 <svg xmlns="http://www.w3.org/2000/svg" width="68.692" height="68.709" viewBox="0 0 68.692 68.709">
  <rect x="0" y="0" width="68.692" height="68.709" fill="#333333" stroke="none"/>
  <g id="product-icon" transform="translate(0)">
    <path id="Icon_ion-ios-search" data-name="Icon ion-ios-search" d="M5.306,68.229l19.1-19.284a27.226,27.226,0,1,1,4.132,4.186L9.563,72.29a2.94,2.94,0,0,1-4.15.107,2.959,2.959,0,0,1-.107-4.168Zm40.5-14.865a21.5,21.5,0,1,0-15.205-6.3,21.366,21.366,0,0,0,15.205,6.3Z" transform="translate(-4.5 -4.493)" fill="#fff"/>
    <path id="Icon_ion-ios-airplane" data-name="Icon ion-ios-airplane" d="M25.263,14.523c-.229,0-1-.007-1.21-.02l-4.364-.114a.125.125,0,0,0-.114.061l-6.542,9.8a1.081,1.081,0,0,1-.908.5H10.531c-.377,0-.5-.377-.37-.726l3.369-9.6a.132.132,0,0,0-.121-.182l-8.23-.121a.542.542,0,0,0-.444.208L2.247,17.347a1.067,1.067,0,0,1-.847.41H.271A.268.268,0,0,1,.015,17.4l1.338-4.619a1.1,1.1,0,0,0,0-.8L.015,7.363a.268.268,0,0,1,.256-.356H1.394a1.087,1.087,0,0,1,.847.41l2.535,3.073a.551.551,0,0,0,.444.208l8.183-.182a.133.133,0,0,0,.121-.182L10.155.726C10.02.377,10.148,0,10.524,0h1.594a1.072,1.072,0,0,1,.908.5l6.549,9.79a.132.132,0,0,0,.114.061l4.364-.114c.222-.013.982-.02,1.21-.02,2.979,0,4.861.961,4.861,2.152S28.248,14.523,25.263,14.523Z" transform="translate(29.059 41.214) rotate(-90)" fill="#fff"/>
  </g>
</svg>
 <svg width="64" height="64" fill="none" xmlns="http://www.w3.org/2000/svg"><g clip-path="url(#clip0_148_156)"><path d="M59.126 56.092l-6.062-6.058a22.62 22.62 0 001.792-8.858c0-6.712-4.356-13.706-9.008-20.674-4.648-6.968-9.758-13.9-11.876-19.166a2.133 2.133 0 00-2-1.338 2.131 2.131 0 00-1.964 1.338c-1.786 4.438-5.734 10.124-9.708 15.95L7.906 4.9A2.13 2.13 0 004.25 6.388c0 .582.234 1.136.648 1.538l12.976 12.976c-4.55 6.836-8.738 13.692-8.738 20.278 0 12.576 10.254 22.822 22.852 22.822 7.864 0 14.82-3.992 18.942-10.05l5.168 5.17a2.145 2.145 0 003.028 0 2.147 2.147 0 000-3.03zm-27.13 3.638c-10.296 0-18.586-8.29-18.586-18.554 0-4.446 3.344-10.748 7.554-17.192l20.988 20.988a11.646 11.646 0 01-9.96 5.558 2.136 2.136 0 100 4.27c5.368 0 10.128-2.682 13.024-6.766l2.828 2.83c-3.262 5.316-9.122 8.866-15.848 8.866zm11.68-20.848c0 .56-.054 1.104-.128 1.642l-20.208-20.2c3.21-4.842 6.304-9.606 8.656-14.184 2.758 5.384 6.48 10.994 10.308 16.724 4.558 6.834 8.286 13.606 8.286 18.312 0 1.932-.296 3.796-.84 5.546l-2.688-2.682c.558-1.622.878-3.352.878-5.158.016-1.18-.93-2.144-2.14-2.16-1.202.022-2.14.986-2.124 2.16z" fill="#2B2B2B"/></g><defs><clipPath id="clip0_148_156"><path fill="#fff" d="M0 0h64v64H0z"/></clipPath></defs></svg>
::::::::
→ PROMPT
In the records above, each line with the string "data" should be copied.

→ TASK RESPONSE
    <path id="Icon_ion-ios-search" data-name="Icon ion-ios-search" d="M5.306,68.229l19.1-19.284a27.226,27.226,0,1,1,4.132,4.186L9.563,72.29a2.94,2.94,0,0,1-4.15.107,2.959,2.959,0,0,1-.107-4.168Zm40.5-14.865a21.5,21.5,0,1,0-15.205-6.3,21.366,21.366,0,0,0,15.205,6.3Z" transform="translate(-4.5 -4.493)" fill="#fff"/>
    <path id="Icon_ion-ios-airplane" data-name="Icon ion-ios-airplane" d="M25.263,14.523c-.229,0-1-.007-1.21-.02l-4.364-.114a.125.125,0,0,0-.114.061l-6.542,9.8a1.081,1.081,0,0,1-.908.5H10.531c-.377,0-.5-.377-.37-.726l3.369-9.6a.132.132,0,0,0-.121-.182l-8.23-.121a.542.542,0,0,0-.444.208L2.247,17.347a1.067,1.067,0,0,1-.847.41H.271A.268.268,0,0,1,.015,17.4l1.338-4.619a1.1,1.1,0,0,0,0-.8L.015,7.363a.268.268,0,0,1,.256-.356H1.394a1.087,1.087,0,0,1,.847.41l2.535,3.073a.551.551,0,0,0,.444.208l8.183-.182a.133.133,0,0,0,.121-.182L10.155.726C10.02.377,10.148,0,10.524,0h1.594a1.072,1.072,0,0,1,.908.5l6.549,9.79a.132.132,0,0,0,.114.061l4.364-.114c.222-.013.982-.02,1.21-.02,2.979,0,4.861.961,4.861,2.152S28.248,14.523,25.263,14.523Z" transform="translate(29.059 41.214) rotate(-90)" fill="#fff"/>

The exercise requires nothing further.